The paper Major Yamota actually wanted was an official-looking document from the Tokyo Institute of Police Science, Investigation Division/Explosions. “It was an accident,” said Major Yamota, holding up the report. “A gas explosion. All the evidence is in here.”

“Evidence?”

“Of fire patterns,” said the Major. “Smoke signatures and burning rates. Deeply regrettable, but still an accident.”

Kit held out his hand. “May I see the report?”

Major Yamota’s mouth twisted.

He had, Kit realised, just insulted the man. An insult so deep that it would have been regarded as utterly unforgivable had Kit not been gaijin. As such, his crassness was excused on the simple grounds that it would be unreasonable to expect better from a foreigner.

“I’ll have a copy made.”

“Thank you,” said Kit. “And the rest?” he asked, indicating the papers and files spread across the desk.

“Let’s see,” Major Yamota said. He gathered up a couple of forms and hesitated for a second over a third, before selecting it and a handful of other pieces of paper. “All of these you can read. Unfortunately, to see reports relating directly to Miss Tanaka you will need her family’s permission.”

A stab of a button produced Major Yamota’s assistant, who rushed away the bundle of forms. Seconds later the sound of a photocopier could be heard through the walls.

“Why do I need their permission?” Kit demanded.

“Because of the complication,” said Major Yamota, and before Kit could ask which complication, the Major told him. “It seems the two of you were not married.”

“But we…”

“Under Japanese law,” said the Major. “Citizens who wed abroad must register their marriage with the relevant ward office within a year. This did not happen. As you were not actually married to Miss Tanaka your rights to information are limited by statutory regulation. Her family also have the right to claim her remains. I should probably tell you,” he added, “that the funeral was yesterday.”

“In Tokyo?”

“No,” said Major Yamota. “They took her home.”

Kit knew where Yoshi’s sister lived and that Yoshi had an aunt in Kobe. Yoshi and Kit had shared a bed, lived in the same house, and together run a bar but he still didn’t know where she’d been born. Some shitty little village in the hills…That was what Yoshi said, when he asked her in the early days.

He had no idea which village or which hills.

CHAPTER 14 — Friday, 15 June

Major Yamota cut Kit loose from Azabu station with the two suitcases full of clothes he hadn’t chosen and a replacement resident’s permit. He had some money in his wallet and about 2,000,000 yen in his savings, roughly £10,000. Without it ever being put into words, Mr. Oniji had made it clear that Kit’s job teaching English to Mrs. Oniji was now over. At the door to his office, Major Yamota asked Kit where he intended to go.

“Back to the bar,” Kit said.

The Major opened his mouth to say something, then changed his mind. This is no longer my business, said the expression on his face. That Kit could read Major Yamota’s expression was a surprise. Maybe Kit had learned more from his time in Tokyo than he thought.

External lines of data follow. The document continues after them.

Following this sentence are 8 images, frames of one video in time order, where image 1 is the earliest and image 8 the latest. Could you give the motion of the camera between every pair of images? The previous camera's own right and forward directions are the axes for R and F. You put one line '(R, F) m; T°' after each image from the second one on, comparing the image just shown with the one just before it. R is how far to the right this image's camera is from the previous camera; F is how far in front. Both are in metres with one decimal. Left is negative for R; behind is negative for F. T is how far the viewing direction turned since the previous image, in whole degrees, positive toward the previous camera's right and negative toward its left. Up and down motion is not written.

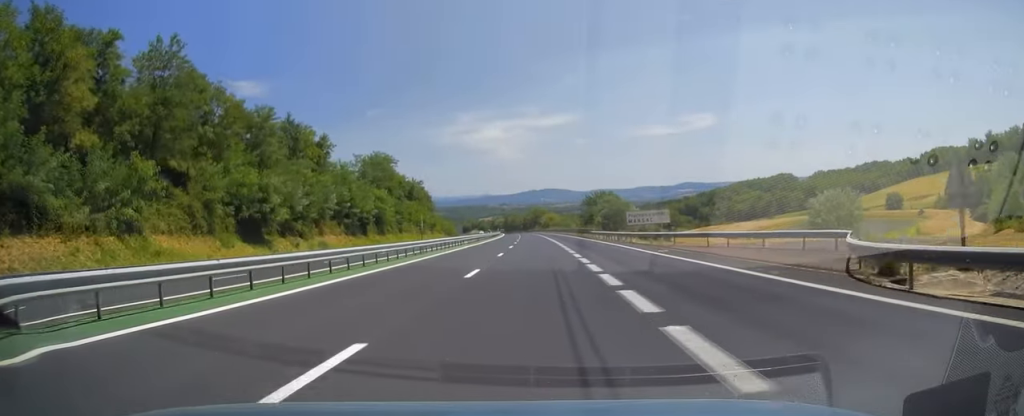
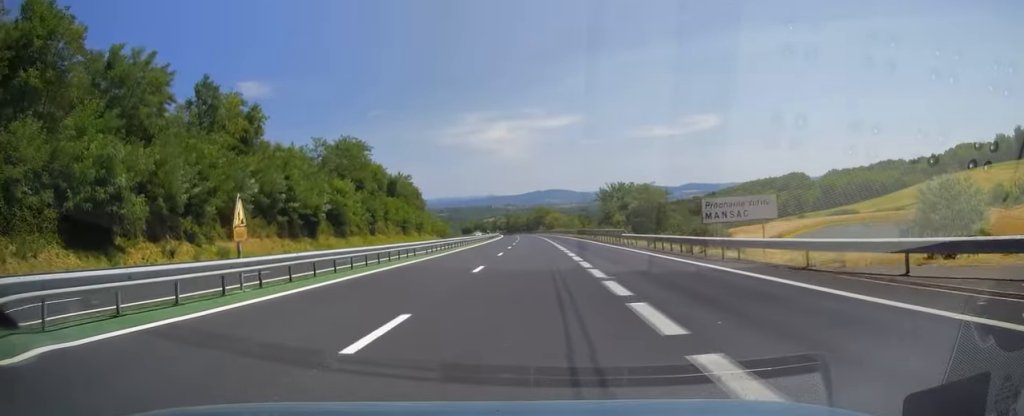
(-0.3, +23.4) m; 0°
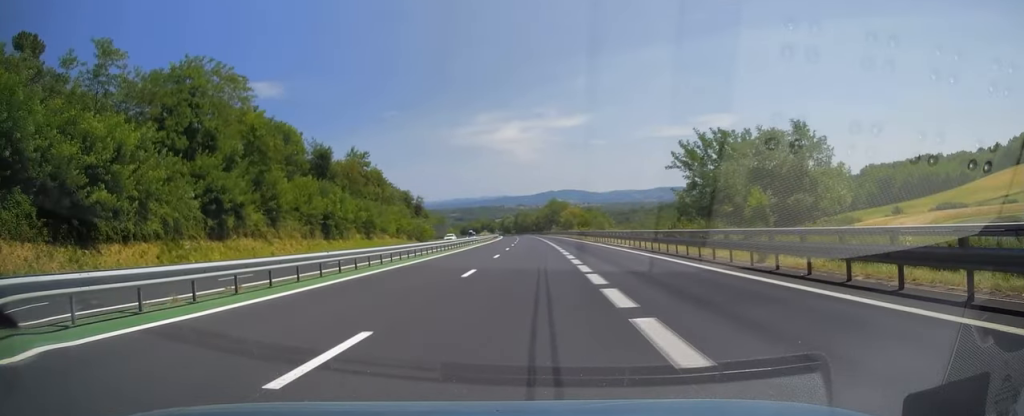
(-0.4, +53.3) m; -1°
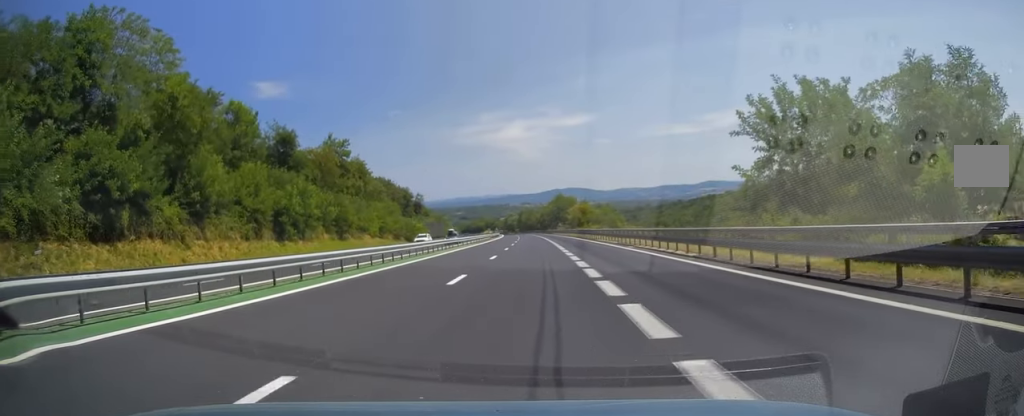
(-0.2, +15.8) m; 0°
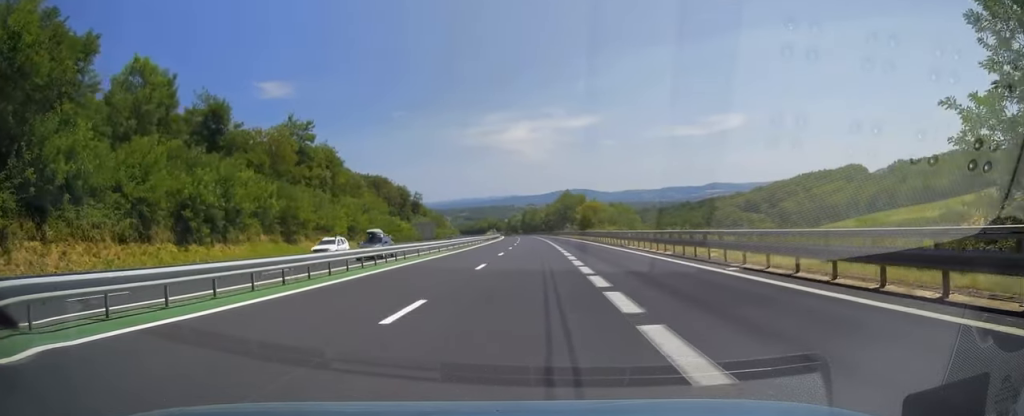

The wind outside was warm and stank of the river, which was a slightly sour smell, like that of an unwashed dog. It was years since Kit had smoked anything but the dragon, but a slot machine stood outside the steps to the metro and he found himself feeding coins into the slot before he even realised what he was doing.

Crumpling cellophane, Kit pushed the wrapper deep into his pocket and realised he still needed a light.

“Here,” said a boy. He looked about thirteen, bleach-blond hair and brutally ripped jeans. Too old to be out this early from school, but still young enough to offer his lighter to a foreigner standing on a street corner with an unlit cigarette.